A domain controller is a server that manages the security and authentication of users and computers in a domain. A domain is a logical grouping of network resources that share a common name and directory database. A new domain controller can be added to a domain for various reasons, such as increasing redundancy, improving performance, or expanding the network.

However, a new domain controller can also pose a security risk if it is not authorized or configured properly. An unauthorized domain controller can compromise the security of the entire domain by granting access to unauthorized users or computers, or by intercepting and modifying network traffic. Therefore, it is important to detect and monitor any new domain controllers in your network.

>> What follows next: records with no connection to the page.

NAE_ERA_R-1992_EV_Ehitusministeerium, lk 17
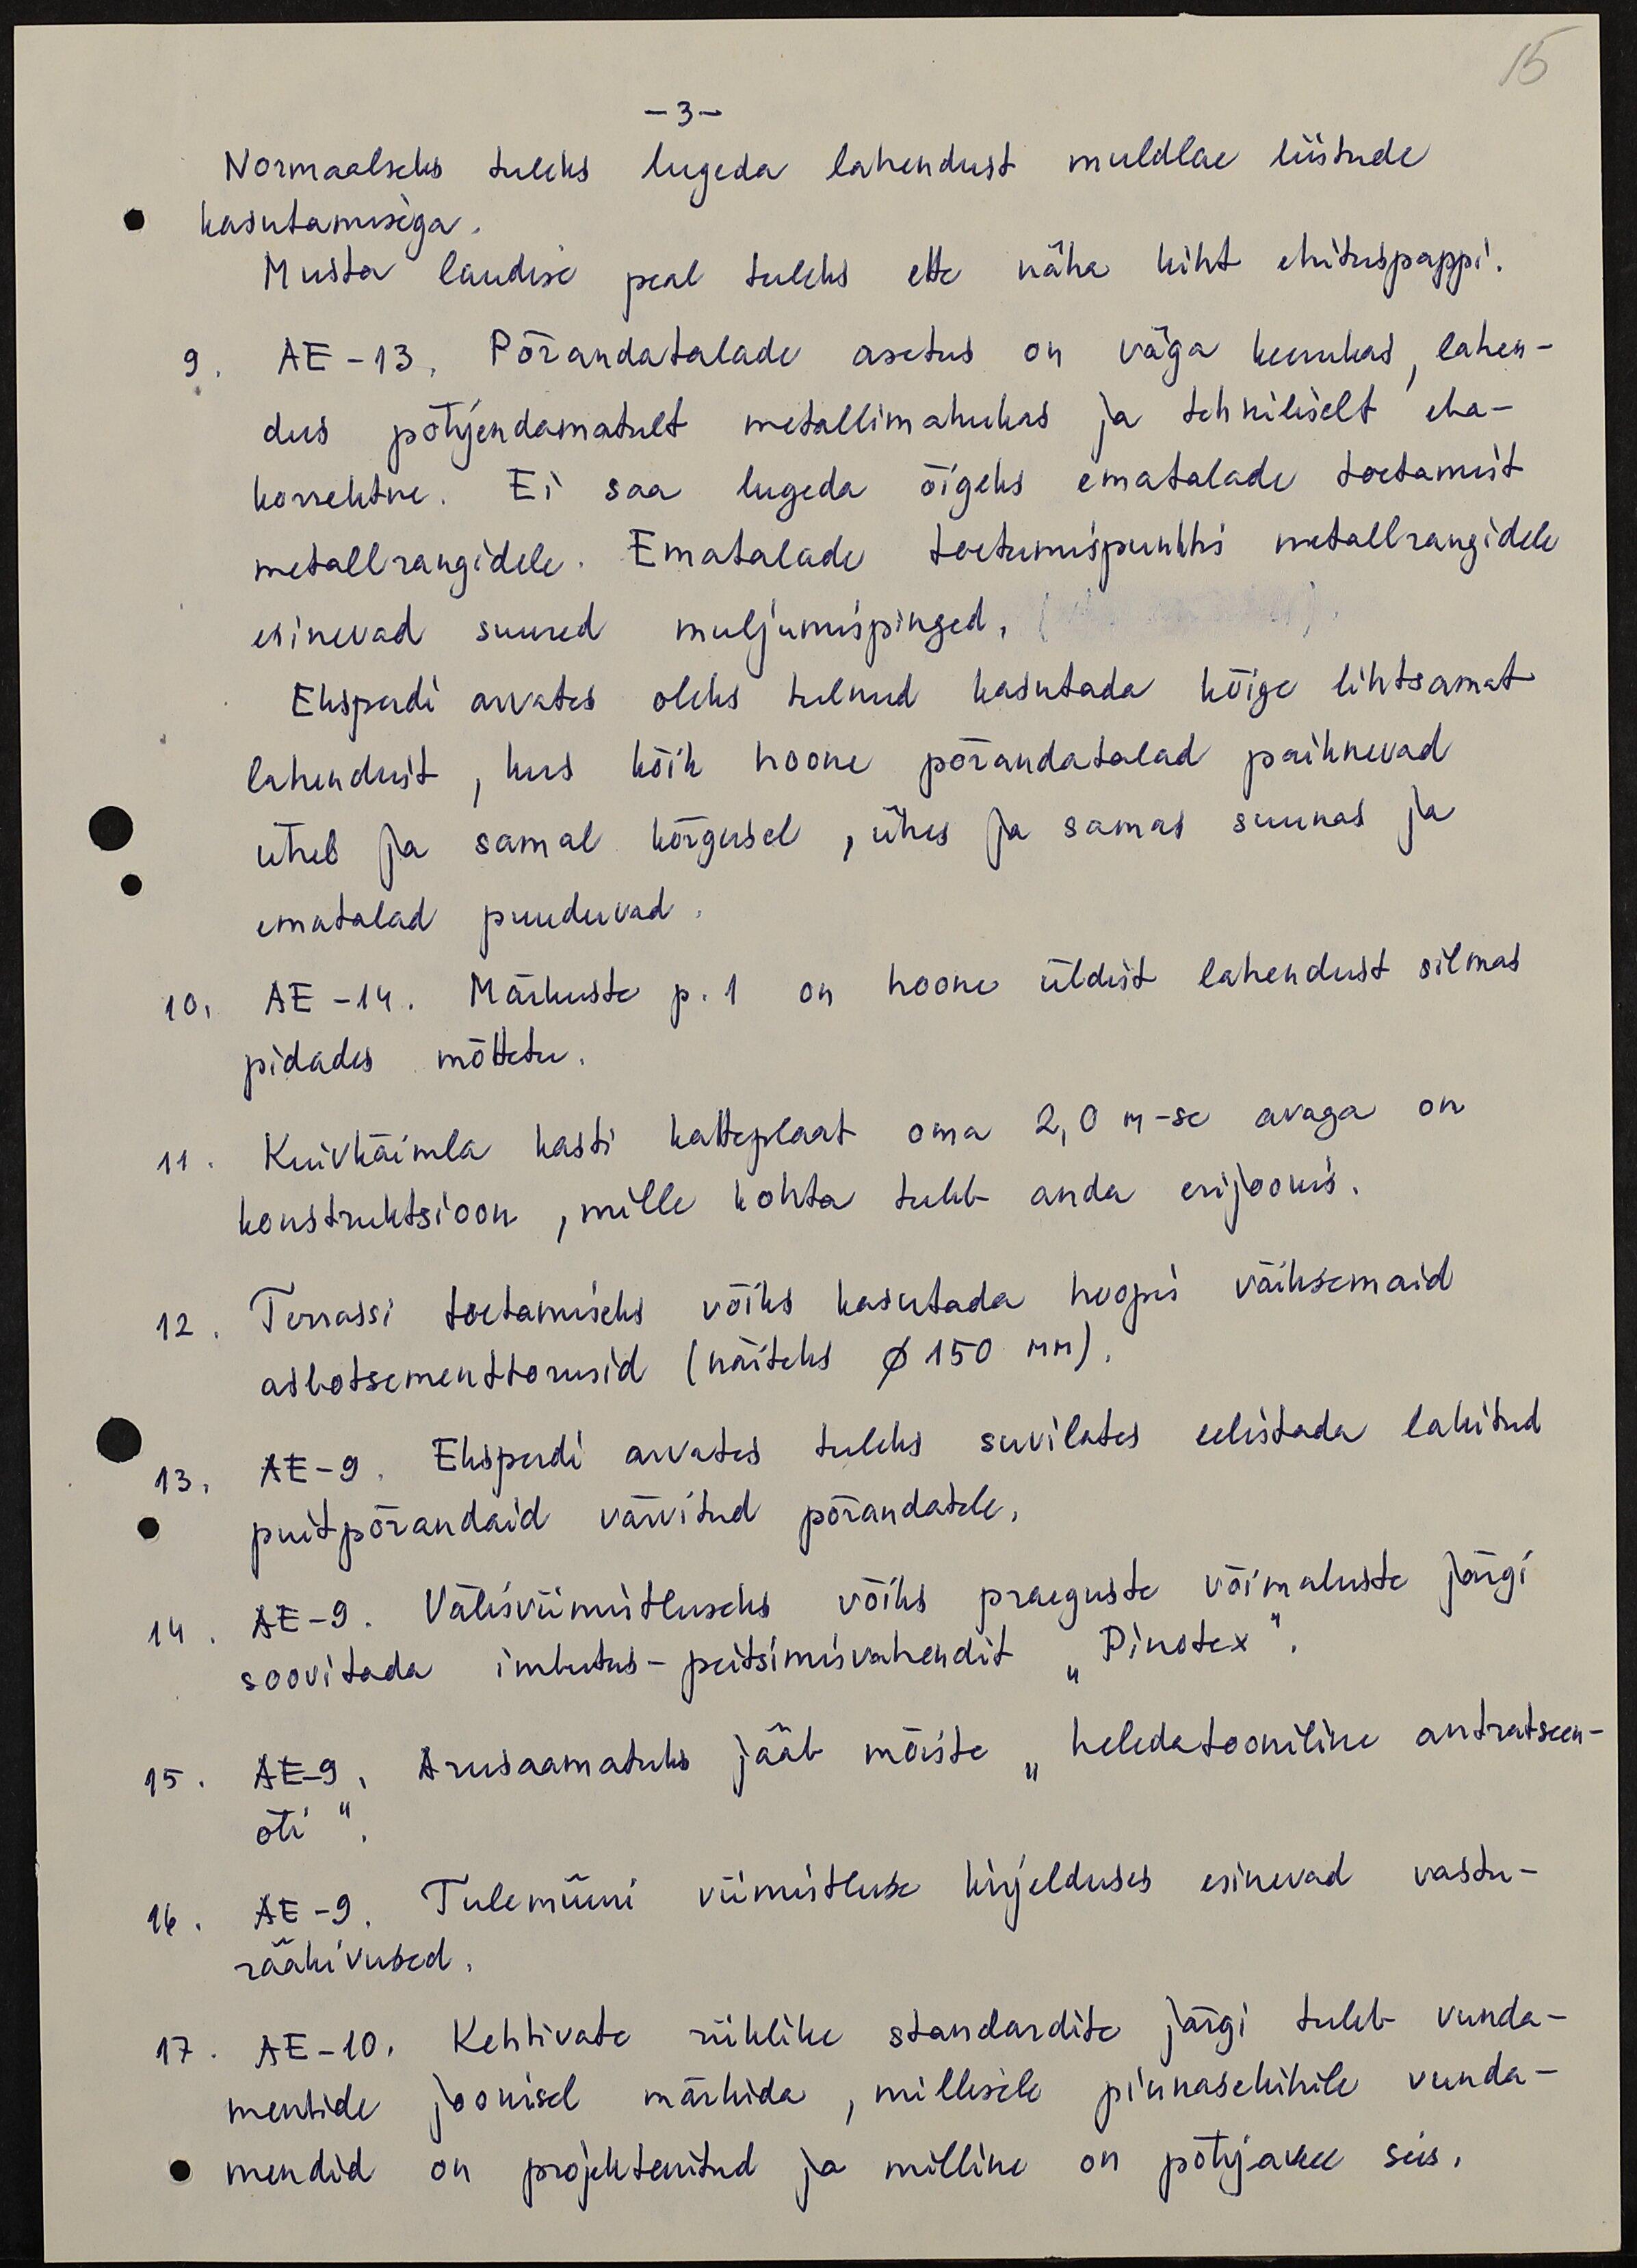
15

- 3 -
Normaalseks tuleks lugeda lahendust muldlae liistude
kasutamisega.
Musta laudise peal tuleks ette näha kiht ehituspappi!
9. AE -13, Põrandatalade asetus on väga keerukad, lahen-
dus põhjendamatult metallimahukas ja tehniliselt eba-
korrektne. Ei saa lugeda õigeks ematalade toetamist
metall rangidele. Ematalade toetumispunkti metall rangidele
esinevad suured muljumispinged.
Eksperdi arvates oleks tulnud kasutada kõige lihtsamat
lahendust, kus kõik hoone põrandatalad paiknevad
ühel ja samal kõrgusel, ühes ja samas suunas ja
ematalad puuduvad.
10. AE -14. Märkuste p. 1 on hoone üldist lahendust silmas
pidades mõttetu.
11. Kuivkäimla kasti katteplaat oma 2,0 m-se avaga on
konstruktsioon, mille kohta tuleb anda erijoonis.
12. Terrassi toetamiseks võiks kasutada hoopi väiksemaid
asbotsementtorusid (näiteks Ø 150 mm).
13. AE-9. Eksperdi arvates tuleks suvilates eelistada lakitud
puitpõrandaid värvitud põrandatele.
14. AE-9. Välisviimistluseks võiks praeguste võimaluste järgi
soovitada imhutus-peitsimisvahendit "Pinotex"
15. AE-9. Arusaamatuks jääb mõiste "heledatooniline antratseen-
õli" "
16. AE-9. Tulemüüri viimistluse kirjelduses esinevad vastu-
rääkivused.
17. AE-10. Kehtivate riiklike standardite järgi tuleb vunda-
mentide joonisel märkida, millisele pinnasekihile vunda-
mendid on projekteeritud ja milline on põhjavee seis.
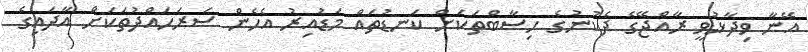
އޭނާ ވިދާޅުވީ ރާއްޖޭގެ ދެކުނުގެ ހިސާބްތަކަށް ކަނޑުތައް މަޑުއިރު އެހެން ސަރަހައްދުތަކަށް އާދައިގެ
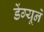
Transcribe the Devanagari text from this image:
डेंग्यूने
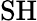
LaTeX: \mathrm{SH}
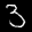
Label: 3
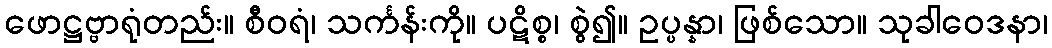
ဖောဋ္ဌဗ္ဗာရုံတည်း။ စီဝရံ၊ သင်္ကန်းကို။ ပဋိစ္စ၊ စွဲ၍။ ဥပ္ပန္နာ၊ ဖြစ်သော။ သုခါဝေဒနာ၊
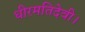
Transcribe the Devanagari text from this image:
धीरमतिदेवी।
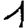
Digit: 1
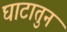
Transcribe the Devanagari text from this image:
घाटातुन
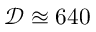
\mathcal { D } \approxeq 6 4 0
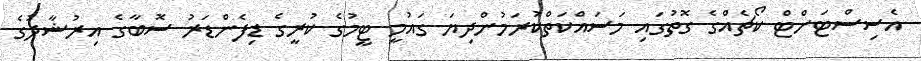
އެސިސްޓަންޓް ކޯޗެއްގެ ގޮތުގައި މަސައްކަތްކުރަމުންދިޔަ ގައުމީ ޓީމުގެ ކުރީގެ ޑިފެންޑަރު ސޮބާގެ އިރުޝާދުގެ
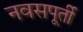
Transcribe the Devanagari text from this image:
नवसपूर्ती
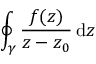
\oint _ { \gamma } \frac { f ( z ) } { z - z _ { 0 } } \, \mathrm { d } z
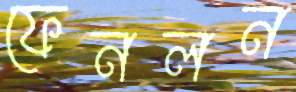
ফেনলন
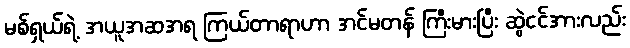
မစ်ရှယ်ရဲ့ အယူအဆအရ ကြယ်တာရာဟာ အင်မတန် ကြီးမားပြီး ဆွဲငင်အားလည်း
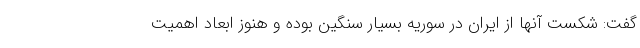
گفت: شکست آنها از ایران در سوریه بسیار سنگین بوده و هنوز ابعاد اهمیت
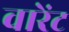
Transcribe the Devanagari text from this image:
वारेंट
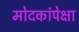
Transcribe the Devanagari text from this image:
मोदकांपेक्षा
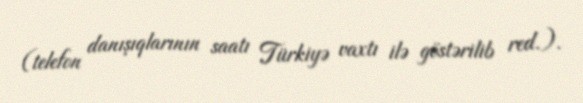
(telefon danışıqlarının saatı Türkiyə vaxtı ilə göstərilib red.).
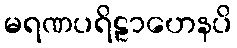
မရဏပရိဠာဟေနပိ
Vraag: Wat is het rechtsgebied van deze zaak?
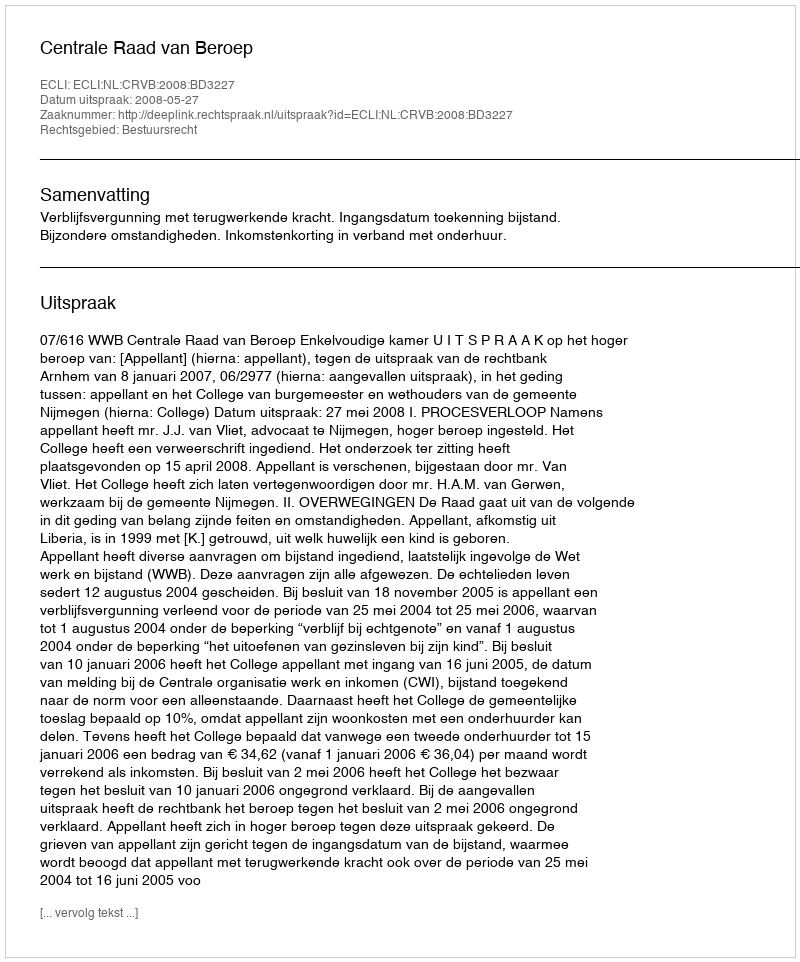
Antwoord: Bestuursrecht
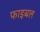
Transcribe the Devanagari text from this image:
फाइबल
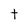
Character: t
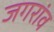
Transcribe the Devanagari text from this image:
जगरांव
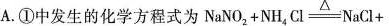
A.①中发生的化学方程式为$$N a N O _ { 2 } + N H _ { 4 } C l \xlongequal [ ] { △ } N a C l +
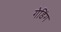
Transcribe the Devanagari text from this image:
गेडिंग
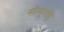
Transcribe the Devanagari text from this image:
सोसूनहि
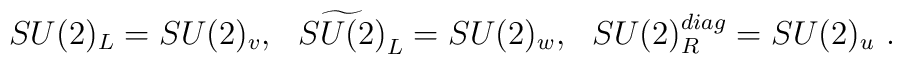
SU(2)_L=SU(2)_v,~~ \widetilde{SU(2)}_L=SU(2)_w,~~SU(2)_R^{diag}=SU(2)_u \ .
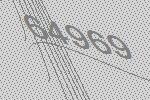
64969
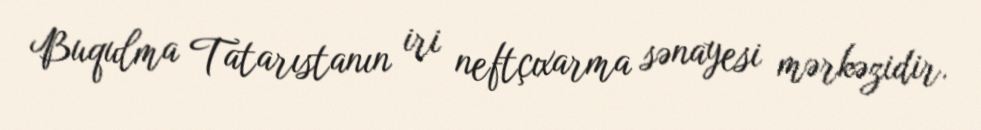
Buqulma Tatarıstanın iri neftçıxarma sənayesi mərkəzidir.
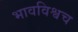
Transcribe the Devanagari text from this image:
भावविश्वच

In this blog post, we will show you how to detect a new domain controller in your network using some simple tools and techniques. We will assume that you have administrative privileges on your network and that you are familiar with basic Windows commands and PowerShell.

Use the Netdom Command

The netdom command is a Windows command-line tool that can be used to manage domains and trust relationships. One of the functions of the netdom command is to list all the domain controllers in a domain. To use the netdom command, you need to open a command prompt as an administrator and type the following command:

netdom query dc

This command will display all the domain controllers in your current domain. You can also specify a different domain name after the dc parameter if you want to query another domain. For example:

netdom query dc example.com

The output of this command will look something like this:

List of domain controllers with accounts in the domain:

DC1
DC2
DC3
The command completed successfully.

You can compare this output with your previous records or expectations to see if there is any new or unexpected domain controller in your domain. If you find one, you should investigate further to determine its origin and purpose.

Use the Get-ADDomainController PowerShell Cmdlet

The Get-ADDomainController PowerShell cmdlet is another tool that can be used to retrieve information about domain controllers in a domain. To use this cmdlet, you need to open a PowerShell window as an administrator and type the following command:

Get-ADDomainController -Filter *

This command will display all the domain controllers in your current domain along with some additional information, such as their name, site, operating system, IP address, and roles. You can also specify a different domain name after the -Server parameter if you want to query another domain. For example:

Get-ADDomainController -Filter * -Server example.com

The output of this command will look something like this:

DistinguishedName : CN=DC1,OU=Domain Controllers,DC=eexample, DC com
DNSHostName : DC1.example.com
Enabled : True
Name : DC1
ObjectClass : computer
ObjectGUID : 12345678-1234-1234-1234-123456789012
SamAccountName : DC1$
SID : S-1-5-21-1234567890-1234567890-1234567890-1000
Site : Default-First-Site-Name
OperatingSystem : Windows Server 2019
OperatingSystemVersion : 10.0 (17763)
Forest : example.com
Domain : example.com
IPv4Address : 192.168.1.1
IPv6Address : fe80::1234:5678:90ab:cdef%12
IsGlobalCatalog : True
IsReadOnly : False
IsSeized : False
Roles : {PDCEmulator, RIDMaster, InfrastructureMaster, SchemaMaster...}

DistinguishedName : CN=DC2,OU=Domain Controllers,DC=example, DC Com
DNSHostName : DC2.example.com
Enabled : True
Name : DC2
ObjectClass : computer
ObjectGUID : 23456789-2345-2345-2345-234567890123
SamAccountName : DC2$
SID : S-1-5-21-2345678901-2345678901-2345678901-1000
Site : Default-First-Site-Name
OperatingSystem : Windows Server 2019
OperatingSystemVersion : 10.0 (17763)
Forest : example.com
Domain : example.com
IPv4Address : 192.168.1.2
IPv6Address : fe80::1235:5678:90ac:cdef%12
IsGlobalCatalog : True
IsReadOnly : False
IsSeized : False
Roles : {PDCEmulator, RIDMaster, InfrastructureMaster, SchemaMaster...}

You can also use Event ID 4742 in your Security log to monitor the changes to your registered Domain Controllers. This event shows which user initiated the change, so you know which Domain Administrator account is being used to perform the attack.